DATA TO PROCESS –
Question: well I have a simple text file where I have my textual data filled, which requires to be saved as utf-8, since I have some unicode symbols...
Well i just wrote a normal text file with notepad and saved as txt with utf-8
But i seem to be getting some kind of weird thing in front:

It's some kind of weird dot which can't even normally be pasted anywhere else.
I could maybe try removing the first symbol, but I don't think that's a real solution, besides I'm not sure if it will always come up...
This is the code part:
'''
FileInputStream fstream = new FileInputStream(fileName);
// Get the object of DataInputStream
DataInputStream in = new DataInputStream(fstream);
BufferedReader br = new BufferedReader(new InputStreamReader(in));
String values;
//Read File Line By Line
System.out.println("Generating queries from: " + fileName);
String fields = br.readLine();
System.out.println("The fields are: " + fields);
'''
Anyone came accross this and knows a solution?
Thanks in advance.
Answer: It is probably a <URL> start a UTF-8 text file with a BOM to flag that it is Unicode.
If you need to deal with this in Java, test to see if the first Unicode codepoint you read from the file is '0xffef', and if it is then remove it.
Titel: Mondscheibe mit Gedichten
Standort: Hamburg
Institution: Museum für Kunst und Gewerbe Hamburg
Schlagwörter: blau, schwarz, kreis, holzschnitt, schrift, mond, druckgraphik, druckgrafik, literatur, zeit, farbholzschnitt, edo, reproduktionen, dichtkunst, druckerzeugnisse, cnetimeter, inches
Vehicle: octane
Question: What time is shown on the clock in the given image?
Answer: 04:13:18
--
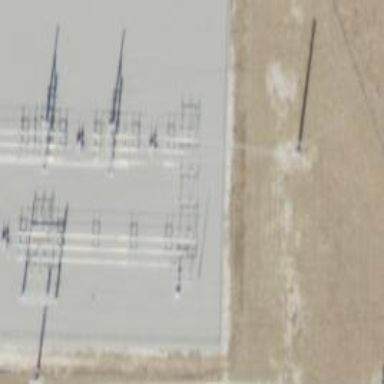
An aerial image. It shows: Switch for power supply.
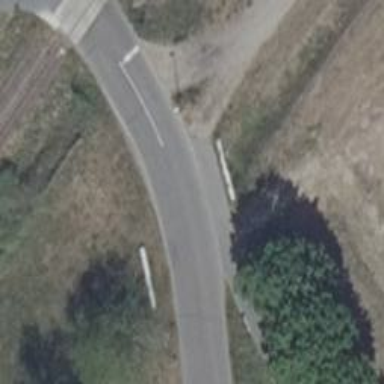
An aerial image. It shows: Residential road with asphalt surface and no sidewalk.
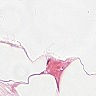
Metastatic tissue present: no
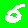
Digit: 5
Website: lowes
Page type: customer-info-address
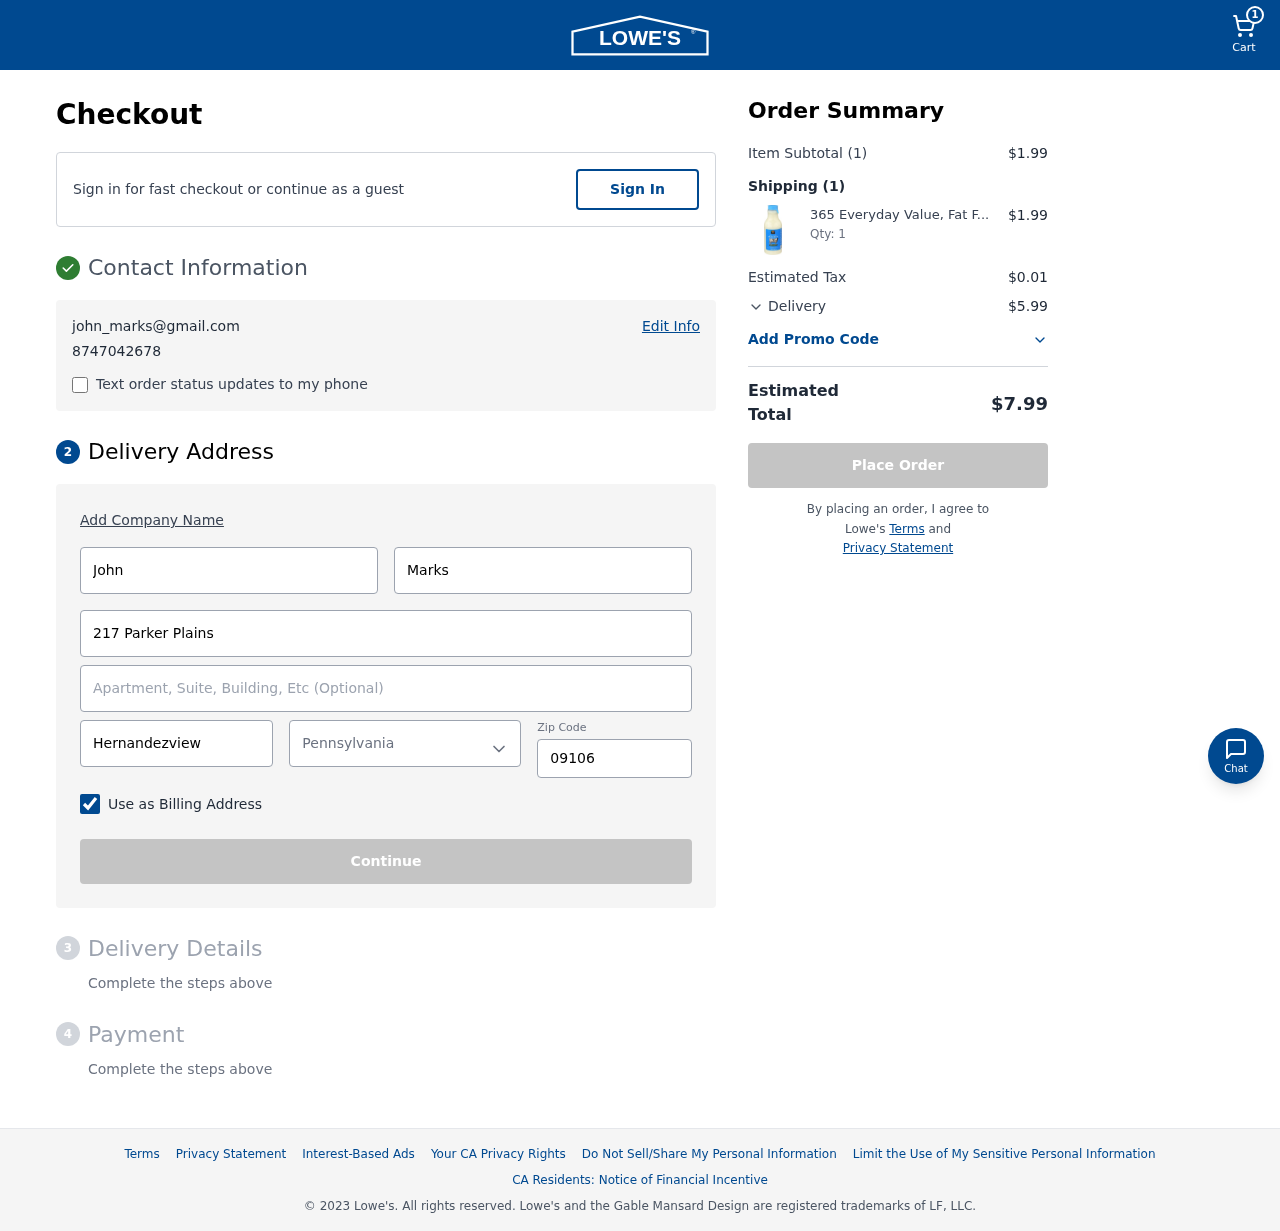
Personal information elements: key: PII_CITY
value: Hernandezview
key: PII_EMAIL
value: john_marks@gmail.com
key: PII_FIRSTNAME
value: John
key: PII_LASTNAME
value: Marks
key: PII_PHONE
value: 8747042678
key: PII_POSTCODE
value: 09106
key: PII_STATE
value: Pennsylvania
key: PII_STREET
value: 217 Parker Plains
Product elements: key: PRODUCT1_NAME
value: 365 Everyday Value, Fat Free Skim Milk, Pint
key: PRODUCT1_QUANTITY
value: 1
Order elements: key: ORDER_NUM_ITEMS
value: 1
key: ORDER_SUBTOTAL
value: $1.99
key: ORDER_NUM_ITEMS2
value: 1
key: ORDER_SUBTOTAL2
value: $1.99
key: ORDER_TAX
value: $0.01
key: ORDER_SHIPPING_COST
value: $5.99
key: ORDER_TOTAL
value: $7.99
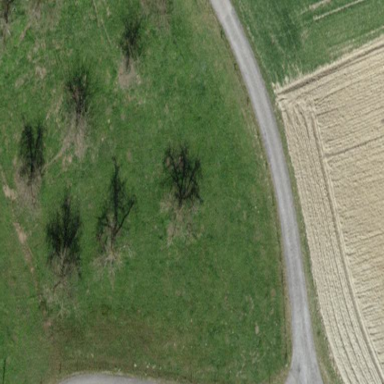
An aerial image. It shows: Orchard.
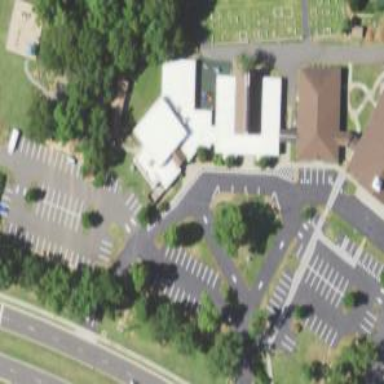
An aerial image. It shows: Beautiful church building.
---
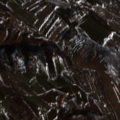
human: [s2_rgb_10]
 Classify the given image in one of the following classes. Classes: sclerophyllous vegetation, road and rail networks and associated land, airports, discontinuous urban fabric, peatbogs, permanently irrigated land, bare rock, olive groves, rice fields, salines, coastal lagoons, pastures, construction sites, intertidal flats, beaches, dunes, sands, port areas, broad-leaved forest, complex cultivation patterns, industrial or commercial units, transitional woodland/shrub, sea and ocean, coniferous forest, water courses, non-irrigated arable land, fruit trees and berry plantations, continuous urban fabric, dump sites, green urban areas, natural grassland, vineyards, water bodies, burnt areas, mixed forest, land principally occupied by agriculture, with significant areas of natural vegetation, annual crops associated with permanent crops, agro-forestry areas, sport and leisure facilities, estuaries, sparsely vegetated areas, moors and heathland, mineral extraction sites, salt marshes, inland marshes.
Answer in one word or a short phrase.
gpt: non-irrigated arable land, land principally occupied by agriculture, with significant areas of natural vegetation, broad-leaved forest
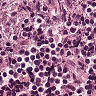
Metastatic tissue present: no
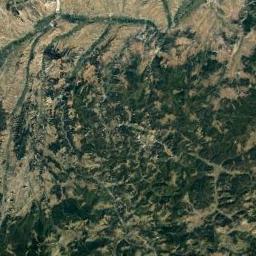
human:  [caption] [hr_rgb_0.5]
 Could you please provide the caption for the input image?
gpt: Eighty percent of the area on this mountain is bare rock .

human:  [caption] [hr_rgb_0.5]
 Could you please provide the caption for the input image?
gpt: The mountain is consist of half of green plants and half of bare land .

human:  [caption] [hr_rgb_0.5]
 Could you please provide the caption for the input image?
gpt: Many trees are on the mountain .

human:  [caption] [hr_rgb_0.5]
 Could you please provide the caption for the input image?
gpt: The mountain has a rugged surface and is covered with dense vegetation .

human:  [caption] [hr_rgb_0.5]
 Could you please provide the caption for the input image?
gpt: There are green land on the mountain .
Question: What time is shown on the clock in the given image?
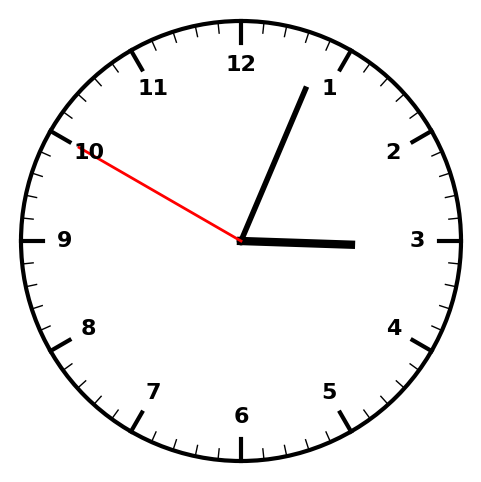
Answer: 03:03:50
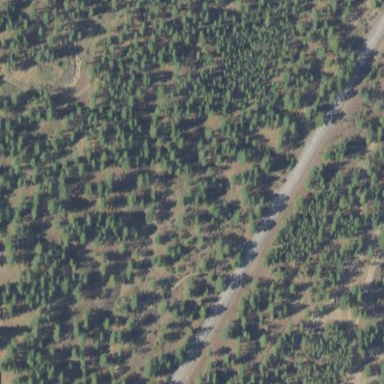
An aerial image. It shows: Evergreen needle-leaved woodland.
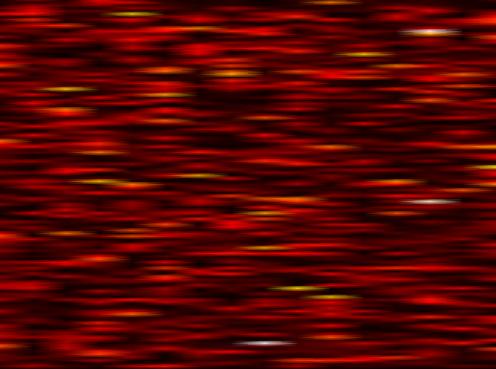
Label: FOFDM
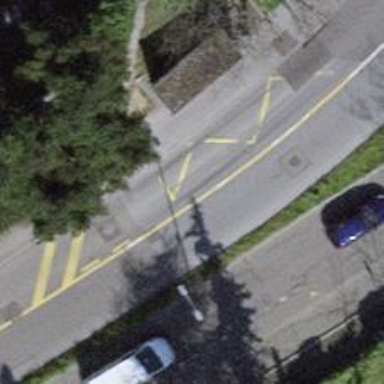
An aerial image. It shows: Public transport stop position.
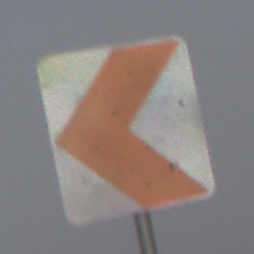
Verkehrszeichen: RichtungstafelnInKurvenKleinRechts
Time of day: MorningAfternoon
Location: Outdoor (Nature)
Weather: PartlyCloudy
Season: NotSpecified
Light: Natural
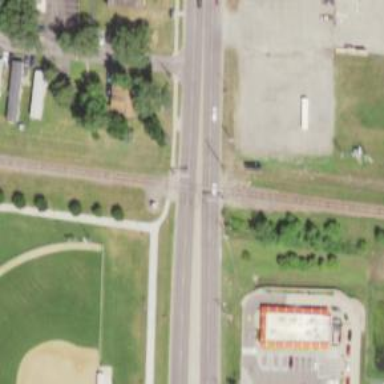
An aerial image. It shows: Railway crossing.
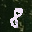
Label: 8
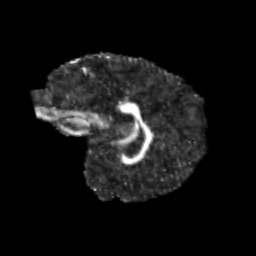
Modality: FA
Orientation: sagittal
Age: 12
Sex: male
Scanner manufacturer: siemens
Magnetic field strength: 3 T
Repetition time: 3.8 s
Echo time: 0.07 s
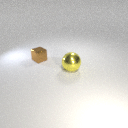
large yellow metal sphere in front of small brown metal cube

WORK INSTRUCTION – Return the lines above from the one with "value: 09106" through the one with "An aerial image. It shows: Beautiful", verbatim and nothing else. Omit every picture.

ANSWER –
value: 09106
key: PII_STATE
value: Pennsylvania
key: PII_STREET
value: 217 Parker Plains
Product elements: key: PRODUCT1_NAME
value: 365 Everyday Value, Fat Free Skim Milk, Pint
key: PRODUCT1_QUANTITY
value: 1
Order elements: key: ORDER_NUM_ITEMS
value: 1
key: ORDER_SUBTOTAL
value: $1.99
key: ORDER_NUM_ITEMS2
value: 1
key: ORDER_SUBTOTAL2
value: $1.99
key: ORDER_TAX
value: $0.01
key: ORDER_SHIPPING_COST
value: $5.99
key: ORDER_TOTAL
value: $7.99
An aerial image. It shows: Orchard.
An aerial image. It shows: Beautiful church building.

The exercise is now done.